Data entries:
+---+
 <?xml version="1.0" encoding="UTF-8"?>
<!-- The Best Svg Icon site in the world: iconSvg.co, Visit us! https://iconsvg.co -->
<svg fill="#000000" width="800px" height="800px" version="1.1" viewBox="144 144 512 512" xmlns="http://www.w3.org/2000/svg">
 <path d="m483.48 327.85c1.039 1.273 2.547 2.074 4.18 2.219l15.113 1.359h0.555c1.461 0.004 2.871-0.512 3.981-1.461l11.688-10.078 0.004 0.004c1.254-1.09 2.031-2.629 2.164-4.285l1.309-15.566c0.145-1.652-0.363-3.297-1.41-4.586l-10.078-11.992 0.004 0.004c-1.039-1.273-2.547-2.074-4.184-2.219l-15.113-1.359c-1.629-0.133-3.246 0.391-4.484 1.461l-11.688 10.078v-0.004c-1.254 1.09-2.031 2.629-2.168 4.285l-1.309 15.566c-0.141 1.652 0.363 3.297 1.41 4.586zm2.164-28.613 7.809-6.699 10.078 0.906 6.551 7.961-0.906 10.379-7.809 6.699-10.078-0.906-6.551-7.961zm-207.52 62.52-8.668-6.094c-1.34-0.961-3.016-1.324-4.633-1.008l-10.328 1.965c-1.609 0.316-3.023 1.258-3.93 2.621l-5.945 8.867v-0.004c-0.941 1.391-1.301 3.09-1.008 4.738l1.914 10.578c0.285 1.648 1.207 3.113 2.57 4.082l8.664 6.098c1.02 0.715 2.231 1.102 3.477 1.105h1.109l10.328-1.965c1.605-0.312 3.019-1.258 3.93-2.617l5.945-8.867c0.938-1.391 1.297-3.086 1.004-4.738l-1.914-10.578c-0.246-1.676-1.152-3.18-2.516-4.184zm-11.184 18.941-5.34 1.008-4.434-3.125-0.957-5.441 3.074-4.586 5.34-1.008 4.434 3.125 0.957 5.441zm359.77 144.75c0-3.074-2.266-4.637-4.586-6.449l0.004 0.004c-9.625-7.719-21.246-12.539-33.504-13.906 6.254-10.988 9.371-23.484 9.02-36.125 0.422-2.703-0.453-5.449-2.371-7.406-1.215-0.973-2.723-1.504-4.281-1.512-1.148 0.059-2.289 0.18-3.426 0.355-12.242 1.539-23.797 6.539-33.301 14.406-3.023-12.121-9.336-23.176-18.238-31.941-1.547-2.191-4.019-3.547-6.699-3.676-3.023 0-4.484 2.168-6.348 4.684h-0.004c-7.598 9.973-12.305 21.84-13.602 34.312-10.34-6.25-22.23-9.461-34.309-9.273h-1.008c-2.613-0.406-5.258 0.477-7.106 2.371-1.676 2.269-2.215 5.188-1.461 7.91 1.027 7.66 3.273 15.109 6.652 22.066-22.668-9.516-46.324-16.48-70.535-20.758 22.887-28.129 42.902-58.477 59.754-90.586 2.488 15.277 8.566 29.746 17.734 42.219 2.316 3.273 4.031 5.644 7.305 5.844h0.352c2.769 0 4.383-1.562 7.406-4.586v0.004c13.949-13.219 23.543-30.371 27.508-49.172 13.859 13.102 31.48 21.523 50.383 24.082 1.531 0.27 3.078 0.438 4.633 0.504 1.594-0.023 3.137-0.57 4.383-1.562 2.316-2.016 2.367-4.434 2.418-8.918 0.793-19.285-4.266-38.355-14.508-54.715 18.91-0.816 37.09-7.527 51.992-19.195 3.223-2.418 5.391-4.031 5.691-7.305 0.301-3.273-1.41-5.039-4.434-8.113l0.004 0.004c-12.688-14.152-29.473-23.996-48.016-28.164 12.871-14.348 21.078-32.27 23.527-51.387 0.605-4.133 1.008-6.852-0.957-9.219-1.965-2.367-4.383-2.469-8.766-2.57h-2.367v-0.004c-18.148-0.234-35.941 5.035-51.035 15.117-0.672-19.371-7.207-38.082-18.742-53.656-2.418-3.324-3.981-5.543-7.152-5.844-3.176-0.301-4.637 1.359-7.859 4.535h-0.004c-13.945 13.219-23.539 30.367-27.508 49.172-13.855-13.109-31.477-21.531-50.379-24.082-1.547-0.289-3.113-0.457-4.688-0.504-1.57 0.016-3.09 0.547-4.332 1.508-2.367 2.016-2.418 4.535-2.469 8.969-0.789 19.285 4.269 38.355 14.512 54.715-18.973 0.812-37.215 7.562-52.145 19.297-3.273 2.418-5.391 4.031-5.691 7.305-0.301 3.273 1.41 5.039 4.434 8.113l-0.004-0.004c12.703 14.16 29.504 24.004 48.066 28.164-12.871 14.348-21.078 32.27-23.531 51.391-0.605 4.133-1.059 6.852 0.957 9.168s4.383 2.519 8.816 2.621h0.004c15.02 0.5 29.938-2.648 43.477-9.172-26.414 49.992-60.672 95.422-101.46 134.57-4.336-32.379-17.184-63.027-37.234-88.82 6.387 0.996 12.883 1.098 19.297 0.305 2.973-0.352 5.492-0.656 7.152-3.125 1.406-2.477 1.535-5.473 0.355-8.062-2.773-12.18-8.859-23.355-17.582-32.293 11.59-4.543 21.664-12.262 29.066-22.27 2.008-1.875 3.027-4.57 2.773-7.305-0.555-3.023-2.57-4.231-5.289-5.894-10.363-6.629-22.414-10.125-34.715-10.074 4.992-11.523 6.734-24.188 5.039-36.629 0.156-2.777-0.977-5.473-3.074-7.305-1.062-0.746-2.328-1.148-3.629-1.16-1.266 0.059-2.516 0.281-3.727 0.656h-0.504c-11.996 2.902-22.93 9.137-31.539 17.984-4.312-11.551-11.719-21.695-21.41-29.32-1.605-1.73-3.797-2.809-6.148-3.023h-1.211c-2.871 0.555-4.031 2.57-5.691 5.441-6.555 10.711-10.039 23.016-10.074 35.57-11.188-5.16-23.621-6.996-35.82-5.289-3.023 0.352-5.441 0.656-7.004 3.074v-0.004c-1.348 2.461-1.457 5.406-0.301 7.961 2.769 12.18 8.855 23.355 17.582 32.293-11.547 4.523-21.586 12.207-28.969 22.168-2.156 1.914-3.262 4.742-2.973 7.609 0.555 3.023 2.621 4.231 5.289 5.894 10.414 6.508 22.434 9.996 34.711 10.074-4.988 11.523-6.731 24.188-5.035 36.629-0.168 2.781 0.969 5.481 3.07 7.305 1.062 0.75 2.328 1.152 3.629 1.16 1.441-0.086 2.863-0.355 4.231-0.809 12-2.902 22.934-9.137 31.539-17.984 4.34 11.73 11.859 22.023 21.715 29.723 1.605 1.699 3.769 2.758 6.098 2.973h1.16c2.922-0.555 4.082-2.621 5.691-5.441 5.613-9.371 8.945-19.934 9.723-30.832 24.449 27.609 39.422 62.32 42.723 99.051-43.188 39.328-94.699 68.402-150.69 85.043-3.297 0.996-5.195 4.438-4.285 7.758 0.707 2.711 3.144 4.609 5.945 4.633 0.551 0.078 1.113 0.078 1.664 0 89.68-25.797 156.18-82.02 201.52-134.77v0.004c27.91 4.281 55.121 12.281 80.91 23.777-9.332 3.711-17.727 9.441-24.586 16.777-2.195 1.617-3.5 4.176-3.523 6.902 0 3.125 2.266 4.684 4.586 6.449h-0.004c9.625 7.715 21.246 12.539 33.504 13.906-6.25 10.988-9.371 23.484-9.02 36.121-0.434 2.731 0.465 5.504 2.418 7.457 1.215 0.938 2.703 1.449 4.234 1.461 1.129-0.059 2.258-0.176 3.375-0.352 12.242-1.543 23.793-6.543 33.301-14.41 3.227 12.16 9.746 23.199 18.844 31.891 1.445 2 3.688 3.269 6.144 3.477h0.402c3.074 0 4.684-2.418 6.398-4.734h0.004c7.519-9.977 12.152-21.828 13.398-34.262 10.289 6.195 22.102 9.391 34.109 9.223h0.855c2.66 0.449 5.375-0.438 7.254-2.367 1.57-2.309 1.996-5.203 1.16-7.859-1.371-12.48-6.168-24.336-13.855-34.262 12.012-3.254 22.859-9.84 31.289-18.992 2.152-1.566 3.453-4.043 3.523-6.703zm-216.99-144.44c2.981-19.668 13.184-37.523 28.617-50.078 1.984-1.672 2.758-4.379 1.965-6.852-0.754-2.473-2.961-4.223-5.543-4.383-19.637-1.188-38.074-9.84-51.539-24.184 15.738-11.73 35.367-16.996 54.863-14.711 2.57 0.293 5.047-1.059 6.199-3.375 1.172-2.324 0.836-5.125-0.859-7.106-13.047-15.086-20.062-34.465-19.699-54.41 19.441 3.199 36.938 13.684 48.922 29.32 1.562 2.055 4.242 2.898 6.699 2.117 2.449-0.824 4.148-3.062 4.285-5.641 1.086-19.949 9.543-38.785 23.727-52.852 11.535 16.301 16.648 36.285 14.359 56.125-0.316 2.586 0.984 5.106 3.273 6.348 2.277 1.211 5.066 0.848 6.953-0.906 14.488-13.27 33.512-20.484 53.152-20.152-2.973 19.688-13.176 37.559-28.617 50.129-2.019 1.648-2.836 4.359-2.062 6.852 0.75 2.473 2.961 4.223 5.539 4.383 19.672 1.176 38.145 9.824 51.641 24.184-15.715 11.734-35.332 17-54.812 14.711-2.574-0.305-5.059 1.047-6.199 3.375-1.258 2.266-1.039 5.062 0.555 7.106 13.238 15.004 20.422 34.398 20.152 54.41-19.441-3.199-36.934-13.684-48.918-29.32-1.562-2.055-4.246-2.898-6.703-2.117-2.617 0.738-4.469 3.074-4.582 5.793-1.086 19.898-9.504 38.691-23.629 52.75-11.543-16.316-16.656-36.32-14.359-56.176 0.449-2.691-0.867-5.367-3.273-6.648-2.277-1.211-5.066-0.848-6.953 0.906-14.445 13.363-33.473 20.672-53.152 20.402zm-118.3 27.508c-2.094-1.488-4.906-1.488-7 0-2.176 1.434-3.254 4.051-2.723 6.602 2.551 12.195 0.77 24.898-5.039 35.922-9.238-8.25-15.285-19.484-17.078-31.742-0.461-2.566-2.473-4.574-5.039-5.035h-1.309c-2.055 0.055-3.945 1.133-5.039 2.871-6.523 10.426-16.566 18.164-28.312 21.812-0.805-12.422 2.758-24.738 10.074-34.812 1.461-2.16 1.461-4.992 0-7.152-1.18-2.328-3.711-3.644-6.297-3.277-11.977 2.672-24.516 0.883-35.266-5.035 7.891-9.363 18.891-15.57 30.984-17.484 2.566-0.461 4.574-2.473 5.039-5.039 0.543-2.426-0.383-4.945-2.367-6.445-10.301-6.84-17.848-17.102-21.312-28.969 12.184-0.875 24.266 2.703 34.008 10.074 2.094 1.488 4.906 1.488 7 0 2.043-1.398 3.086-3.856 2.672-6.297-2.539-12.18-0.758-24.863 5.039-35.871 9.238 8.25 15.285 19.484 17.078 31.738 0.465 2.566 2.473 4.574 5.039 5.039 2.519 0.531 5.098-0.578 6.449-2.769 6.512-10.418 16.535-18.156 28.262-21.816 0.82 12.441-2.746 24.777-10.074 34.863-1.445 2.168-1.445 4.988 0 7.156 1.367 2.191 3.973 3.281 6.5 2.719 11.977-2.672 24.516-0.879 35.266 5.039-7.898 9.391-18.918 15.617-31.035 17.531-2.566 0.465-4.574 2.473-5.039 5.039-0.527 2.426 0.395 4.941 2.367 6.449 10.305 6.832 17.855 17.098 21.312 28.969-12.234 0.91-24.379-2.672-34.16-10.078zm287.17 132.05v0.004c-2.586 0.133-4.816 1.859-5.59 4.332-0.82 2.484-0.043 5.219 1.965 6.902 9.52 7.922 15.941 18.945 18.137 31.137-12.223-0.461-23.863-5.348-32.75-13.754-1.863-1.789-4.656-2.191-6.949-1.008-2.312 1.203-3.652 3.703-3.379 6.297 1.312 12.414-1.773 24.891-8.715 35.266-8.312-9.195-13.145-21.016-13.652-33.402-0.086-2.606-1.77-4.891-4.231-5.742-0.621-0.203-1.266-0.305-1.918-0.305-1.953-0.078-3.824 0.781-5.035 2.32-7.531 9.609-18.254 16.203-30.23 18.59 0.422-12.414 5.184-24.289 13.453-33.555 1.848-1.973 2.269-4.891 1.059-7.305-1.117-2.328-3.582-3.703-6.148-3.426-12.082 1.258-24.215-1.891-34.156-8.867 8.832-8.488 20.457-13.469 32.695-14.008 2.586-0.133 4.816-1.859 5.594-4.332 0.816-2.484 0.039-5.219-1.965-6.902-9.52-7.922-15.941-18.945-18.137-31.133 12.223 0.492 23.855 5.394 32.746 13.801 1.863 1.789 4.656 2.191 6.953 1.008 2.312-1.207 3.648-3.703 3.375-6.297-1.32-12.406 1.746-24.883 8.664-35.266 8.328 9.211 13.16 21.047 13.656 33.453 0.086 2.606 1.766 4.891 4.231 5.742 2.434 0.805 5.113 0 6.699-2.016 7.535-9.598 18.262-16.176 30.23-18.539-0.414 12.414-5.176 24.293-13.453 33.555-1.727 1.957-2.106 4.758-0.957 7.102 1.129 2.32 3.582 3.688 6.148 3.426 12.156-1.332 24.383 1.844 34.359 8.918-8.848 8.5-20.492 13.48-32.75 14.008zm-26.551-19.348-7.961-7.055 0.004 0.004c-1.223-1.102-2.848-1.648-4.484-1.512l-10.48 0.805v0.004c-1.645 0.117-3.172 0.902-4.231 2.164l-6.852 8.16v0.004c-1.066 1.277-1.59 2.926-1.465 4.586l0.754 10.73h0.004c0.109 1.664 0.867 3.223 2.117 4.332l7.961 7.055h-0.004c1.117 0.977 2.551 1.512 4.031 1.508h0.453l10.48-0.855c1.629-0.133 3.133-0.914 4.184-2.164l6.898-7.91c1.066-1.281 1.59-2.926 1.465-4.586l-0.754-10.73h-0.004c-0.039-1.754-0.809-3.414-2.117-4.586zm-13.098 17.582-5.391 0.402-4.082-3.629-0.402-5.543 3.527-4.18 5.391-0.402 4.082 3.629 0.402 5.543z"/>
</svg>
+---+
EXERCISE – Which lines of the records contain "version"? Show each of them.

RESPONSE –
 <?xml version="1.0" encoding="UTF-8"?>
<svg fill="#000000" width="800px" height="800px" version="1.1" viewBox="144 144 512 512" xmlns="http://www.w3.org/2000/svg">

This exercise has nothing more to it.